Car il s’agit bien d’une gageure que de filmer cette immense plage à grand renfort de plans larges et de parvenir à en faire jaillir une forme d’angoisse latente et quasi claustrophobique, un paradoxe qui place Dunkerque sur le plan des « survival » les plus tendus qui soient. Une réussite d’autant plus remarquable, que le film était clairement attendu comme un croisement entre Il faut sauver le soldat Ryan de Steven Spielberg et La ligne rouge de Terrence Malick, tous les deux sortis en 1998. Dunkerque réussit l’improbable pari de proposer quelque chose de différent, rien de nouveau en tant que tel, mais une approche autre du film de guerre, qui combine à merveille les velléités auteurisantes de Christopher Nolan, avec des contingences cinématographiques inhérentes au genre. La manière dont le réalisateur de The Dark Knight s’approprie les grandes figures du film de guerre est terrassant d’intelligence et d’à propos, voir pour s’en convaincre ces partis-pris de ne jamais montrer les soldats allemands à l’écran et d’en faire une menace omniprésente, l’absence de débordements sanglants (pour ne pas dire de sang tout court), mais également l’usage d’une bande-son extrêmement travaillée, avec ses silences pesants, son recours le plus minimaliste qui soit aux dialogues, et cette musique, ou plutôt ces sons cadencés d’Hans Zimmer, compositeur pas toujours très subtil, qui trouve là matière à expérimenter, ajoutant à la tension du film.
Laissant de côté les atermoiements métaphysico-sirupeux qui plombaient Inception ou encore Interstellar, Christopher Nolan a évacué le surplus pesant de son style cinématographique pour n’en extraire que l’essentiel pour ce qui constitue peut-être son meilleur film à ce jour, celui en tous les cas qui allie le mieux sa science de la mise en scène et ses qualités de formaliste à un sujet historique (bien que romancé) finalement idéal pour lui. Du grand cinéma.
DUNKERQUE
Christopher Nolan (USA/France/Royaume-Uni/Pays-Bas – 2017)
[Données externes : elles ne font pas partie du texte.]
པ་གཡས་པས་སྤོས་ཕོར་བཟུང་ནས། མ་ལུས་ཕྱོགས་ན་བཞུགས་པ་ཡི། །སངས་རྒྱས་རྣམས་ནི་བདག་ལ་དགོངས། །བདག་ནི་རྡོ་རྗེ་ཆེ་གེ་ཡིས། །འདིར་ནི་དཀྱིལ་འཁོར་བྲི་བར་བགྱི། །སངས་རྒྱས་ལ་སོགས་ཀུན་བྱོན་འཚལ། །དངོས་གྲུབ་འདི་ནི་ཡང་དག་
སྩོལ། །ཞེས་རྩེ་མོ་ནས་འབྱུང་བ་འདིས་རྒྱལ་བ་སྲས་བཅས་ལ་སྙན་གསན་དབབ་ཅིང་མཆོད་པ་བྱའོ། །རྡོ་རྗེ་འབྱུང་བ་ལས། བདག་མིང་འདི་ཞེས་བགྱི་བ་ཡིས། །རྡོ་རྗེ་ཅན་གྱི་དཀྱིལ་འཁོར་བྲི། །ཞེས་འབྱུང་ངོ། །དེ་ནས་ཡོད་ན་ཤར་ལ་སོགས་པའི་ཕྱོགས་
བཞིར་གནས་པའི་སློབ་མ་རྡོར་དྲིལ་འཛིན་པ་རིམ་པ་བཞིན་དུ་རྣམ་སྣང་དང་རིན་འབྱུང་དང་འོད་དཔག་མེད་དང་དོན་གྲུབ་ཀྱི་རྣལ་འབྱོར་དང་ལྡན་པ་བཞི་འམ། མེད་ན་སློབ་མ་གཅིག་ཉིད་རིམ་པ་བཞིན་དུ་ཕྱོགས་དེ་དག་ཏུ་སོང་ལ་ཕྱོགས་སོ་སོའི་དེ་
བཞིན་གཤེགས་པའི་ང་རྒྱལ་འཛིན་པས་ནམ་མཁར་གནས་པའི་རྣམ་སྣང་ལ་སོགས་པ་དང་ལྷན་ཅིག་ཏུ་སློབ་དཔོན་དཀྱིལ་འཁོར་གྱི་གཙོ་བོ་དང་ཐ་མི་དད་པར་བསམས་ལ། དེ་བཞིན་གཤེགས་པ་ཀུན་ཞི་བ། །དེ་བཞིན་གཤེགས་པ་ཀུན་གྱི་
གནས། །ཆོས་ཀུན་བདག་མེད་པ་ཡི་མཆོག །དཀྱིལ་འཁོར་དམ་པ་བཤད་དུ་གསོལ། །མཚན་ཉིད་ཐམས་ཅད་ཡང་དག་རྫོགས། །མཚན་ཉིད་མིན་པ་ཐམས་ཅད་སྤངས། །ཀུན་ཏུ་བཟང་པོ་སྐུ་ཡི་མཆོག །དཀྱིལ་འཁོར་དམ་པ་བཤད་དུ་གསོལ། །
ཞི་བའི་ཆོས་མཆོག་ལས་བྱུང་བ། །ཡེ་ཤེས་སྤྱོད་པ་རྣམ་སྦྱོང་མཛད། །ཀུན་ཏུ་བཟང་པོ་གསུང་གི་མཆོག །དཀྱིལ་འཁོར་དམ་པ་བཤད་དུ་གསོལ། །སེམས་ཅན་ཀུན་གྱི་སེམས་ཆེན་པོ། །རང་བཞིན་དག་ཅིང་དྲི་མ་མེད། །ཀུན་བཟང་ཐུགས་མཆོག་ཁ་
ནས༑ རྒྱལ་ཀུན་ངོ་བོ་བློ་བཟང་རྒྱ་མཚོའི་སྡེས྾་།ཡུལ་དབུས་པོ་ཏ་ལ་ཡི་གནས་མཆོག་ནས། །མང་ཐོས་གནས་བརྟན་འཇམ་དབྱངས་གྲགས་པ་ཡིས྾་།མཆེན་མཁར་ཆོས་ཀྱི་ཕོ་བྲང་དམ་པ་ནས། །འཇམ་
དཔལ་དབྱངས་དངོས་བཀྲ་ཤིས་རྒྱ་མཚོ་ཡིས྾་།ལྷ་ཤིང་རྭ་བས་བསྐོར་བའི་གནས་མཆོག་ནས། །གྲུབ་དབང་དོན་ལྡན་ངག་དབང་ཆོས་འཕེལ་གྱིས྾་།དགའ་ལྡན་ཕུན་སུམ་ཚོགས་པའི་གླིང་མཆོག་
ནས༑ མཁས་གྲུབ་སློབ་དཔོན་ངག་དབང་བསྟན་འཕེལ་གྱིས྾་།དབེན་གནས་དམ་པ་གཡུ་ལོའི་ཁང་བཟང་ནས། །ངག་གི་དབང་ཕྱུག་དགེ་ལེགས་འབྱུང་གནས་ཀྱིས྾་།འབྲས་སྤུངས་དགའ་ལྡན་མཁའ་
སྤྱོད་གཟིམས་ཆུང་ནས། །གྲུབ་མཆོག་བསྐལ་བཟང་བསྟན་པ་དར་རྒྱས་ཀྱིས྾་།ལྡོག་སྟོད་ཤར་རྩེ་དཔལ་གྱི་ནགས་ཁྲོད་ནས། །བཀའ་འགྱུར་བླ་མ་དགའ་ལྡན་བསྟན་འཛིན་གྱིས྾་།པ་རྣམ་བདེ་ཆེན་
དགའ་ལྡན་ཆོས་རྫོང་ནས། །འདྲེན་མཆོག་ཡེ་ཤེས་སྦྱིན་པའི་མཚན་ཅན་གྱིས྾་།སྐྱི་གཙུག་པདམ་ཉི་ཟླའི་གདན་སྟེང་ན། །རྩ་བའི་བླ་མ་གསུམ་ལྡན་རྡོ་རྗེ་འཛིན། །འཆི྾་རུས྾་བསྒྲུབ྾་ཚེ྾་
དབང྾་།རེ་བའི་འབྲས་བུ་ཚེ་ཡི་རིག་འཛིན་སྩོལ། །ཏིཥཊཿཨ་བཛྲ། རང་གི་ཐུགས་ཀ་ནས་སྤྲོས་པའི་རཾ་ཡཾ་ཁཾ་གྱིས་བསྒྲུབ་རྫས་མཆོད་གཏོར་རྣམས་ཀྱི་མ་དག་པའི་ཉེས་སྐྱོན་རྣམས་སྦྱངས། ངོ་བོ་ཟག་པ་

Genre Guerre – Interprétation Fionn Whitehead, Tom Glynn-Carney, Jack Lowden, Harry Styles, Kenneth Branagh, Tom Hardy, Cillian Murphy, Mark Rylance… – Musique Hans Zimmer – Durée 107 minutes. Distribué par Warner Bros.
L’histoire : En mai 1940, des soldats britanniques sont encerclés par les troupes allemandes sur la plage de Dunkerque. L’opération Dynamo est mise en place pour évacuer le Corps expéditionnaire britannique (CEB) vers l’Angleterre. L’histoire s’intéresse aux destins croisés des soldats, pilotes, marins et civils anglais durant l’opération Dynamo.